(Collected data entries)
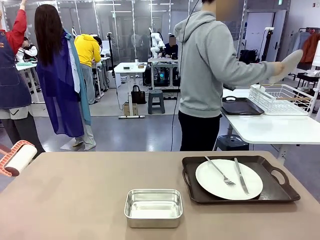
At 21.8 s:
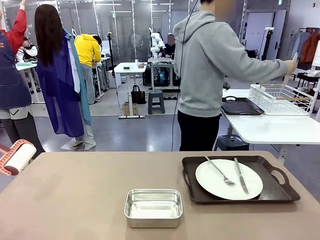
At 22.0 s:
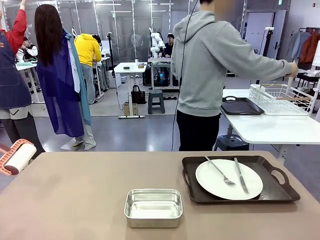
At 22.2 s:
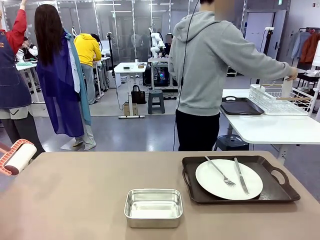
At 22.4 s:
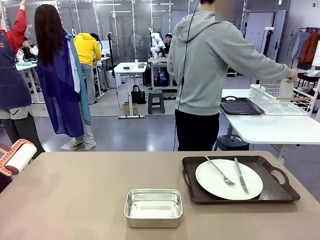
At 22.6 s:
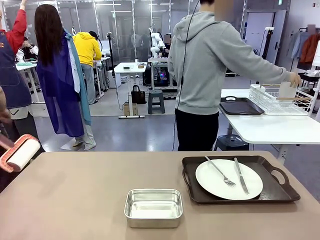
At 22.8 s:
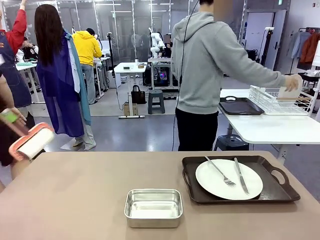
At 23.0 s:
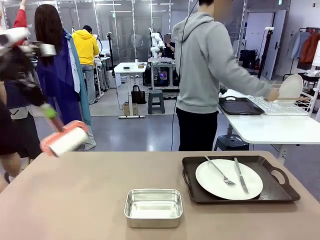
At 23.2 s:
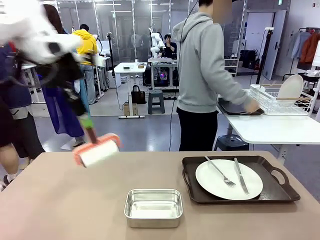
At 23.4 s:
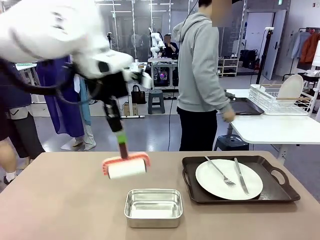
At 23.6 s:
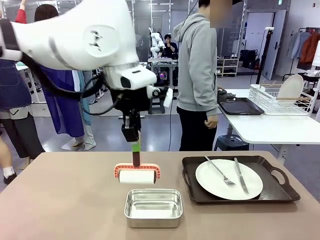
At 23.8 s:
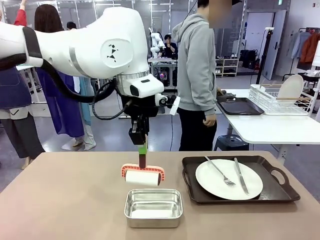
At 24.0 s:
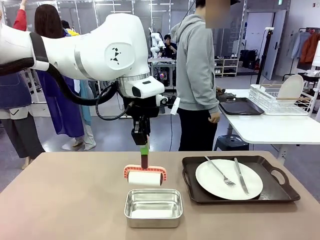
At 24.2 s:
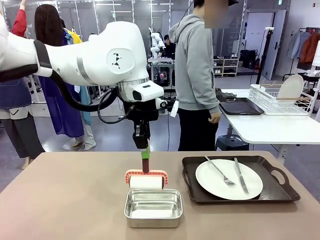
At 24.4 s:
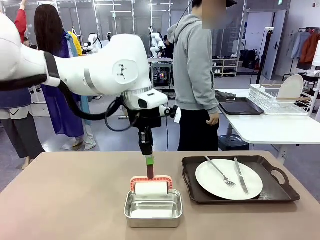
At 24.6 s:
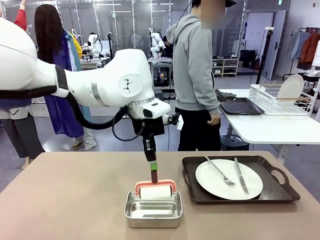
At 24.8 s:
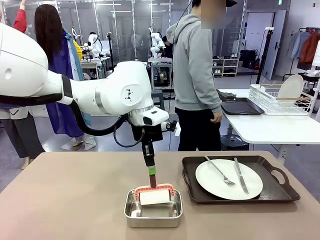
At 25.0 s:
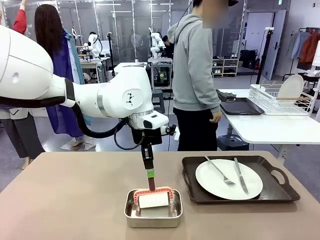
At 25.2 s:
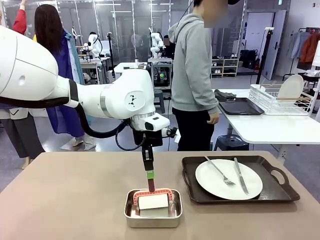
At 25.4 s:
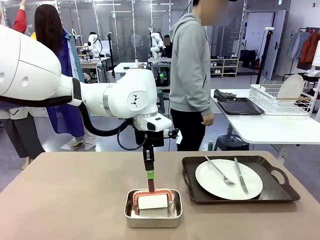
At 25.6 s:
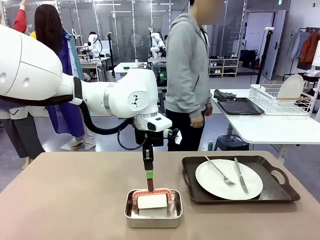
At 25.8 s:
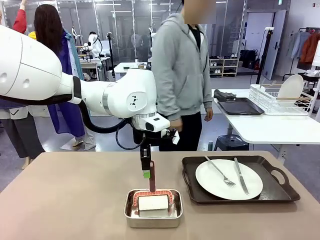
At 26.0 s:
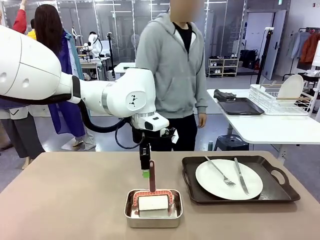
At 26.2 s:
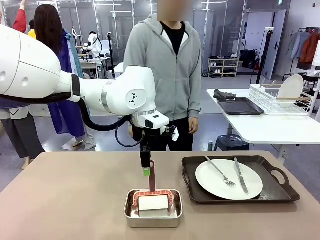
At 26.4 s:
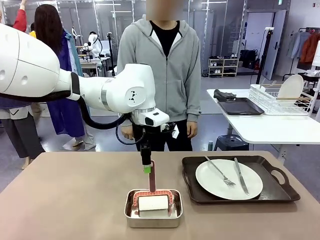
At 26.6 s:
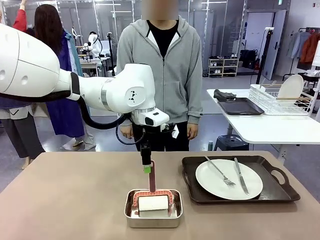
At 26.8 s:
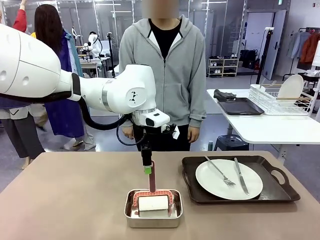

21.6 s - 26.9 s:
Robot: Place the Lint Roller back on top of the Airtight Container.

INSTRUCTIONS FOR THE TASK: Give the entries again exactly. Pictures stay out.

RESULT BELOW:
At 21.8 s:
At 22.0 s:
At 22.2 s:
At 22.4 s:
At 22.6 s:
At 22.8 s:
At 23.0 s:
At 23.2 s:
At 23.4 s:
At 23.6 s:
At 23.8 s:
At 24.0 s:
At 24.2 s:
At 24.4 s:
At 24.6 s:
At 24.8 s:
At 25.0 s:
At 25.2 s:
At 25.4 s:
At 25.6 s:
At 25.8 s:
At 26.0 s:
At 26.2 s:
At 26.4 s:
At 26.6 s:
At 26.8 s:

21.6 s - 26.9 s:
Robot: Place the Lint Roller back on top of the Airtight Container.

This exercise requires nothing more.